Data extracted from a collection

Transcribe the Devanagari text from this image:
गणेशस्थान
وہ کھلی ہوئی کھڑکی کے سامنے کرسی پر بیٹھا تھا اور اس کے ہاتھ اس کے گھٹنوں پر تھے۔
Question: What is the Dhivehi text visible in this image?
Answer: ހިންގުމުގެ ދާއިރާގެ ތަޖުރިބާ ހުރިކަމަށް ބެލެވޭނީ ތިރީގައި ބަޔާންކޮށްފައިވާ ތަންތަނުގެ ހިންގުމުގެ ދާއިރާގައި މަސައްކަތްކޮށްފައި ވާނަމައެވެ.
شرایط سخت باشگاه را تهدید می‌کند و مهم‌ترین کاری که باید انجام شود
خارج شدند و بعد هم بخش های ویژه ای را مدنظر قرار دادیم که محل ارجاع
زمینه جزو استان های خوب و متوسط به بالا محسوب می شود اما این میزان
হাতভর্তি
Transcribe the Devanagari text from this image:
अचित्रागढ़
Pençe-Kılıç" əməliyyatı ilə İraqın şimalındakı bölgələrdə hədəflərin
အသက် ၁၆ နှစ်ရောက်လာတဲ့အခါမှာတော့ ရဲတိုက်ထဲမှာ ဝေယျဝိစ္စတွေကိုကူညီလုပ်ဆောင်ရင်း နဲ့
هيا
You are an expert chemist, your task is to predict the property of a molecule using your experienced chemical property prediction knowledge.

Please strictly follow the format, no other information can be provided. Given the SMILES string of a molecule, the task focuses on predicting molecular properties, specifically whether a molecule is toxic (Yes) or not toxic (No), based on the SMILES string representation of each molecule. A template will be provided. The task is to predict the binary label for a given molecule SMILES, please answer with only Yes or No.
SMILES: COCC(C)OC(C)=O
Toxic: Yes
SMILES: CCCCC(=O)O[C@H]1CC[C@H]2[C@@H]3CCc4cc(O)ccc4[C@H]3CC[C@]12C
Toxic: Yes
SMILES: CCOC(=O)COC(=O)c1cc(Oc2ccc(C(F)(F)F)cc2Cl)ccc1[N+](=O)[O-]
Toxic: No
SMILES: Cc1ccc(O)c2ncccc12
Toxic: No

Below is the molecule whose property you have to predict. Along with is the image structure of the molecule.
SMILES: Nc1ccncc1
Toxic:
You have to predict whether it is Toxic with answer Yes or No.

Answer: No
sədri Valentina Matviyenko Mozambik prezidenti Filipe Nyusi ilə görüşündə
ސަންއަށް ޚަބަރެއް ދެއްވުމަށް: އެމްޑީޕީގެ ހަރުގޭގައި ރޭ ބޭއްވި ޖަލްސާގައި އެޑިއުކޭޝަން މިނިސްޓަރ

* **Assignment**
Scan the entries above, and wherever a line holds the string "with", copy it.

* **Answer to this exercise**
Please strictly follow the format, no other information can be provided. Given the SMILES string of a molecule, the task focuses on predicting molecular properties, specifically whether a molecule is toxic (Yes) or not toxic (No), based on the SMILES string representation of each molecule. A template will be provided. The task is to predict the binary label for a given molecule SMILES, please answer with only Yes or No.
Below is the molecule whose property you have to predict. Along with is the image structure of the molecule.
You have to predict whether it is Toxic with answer Yes or No.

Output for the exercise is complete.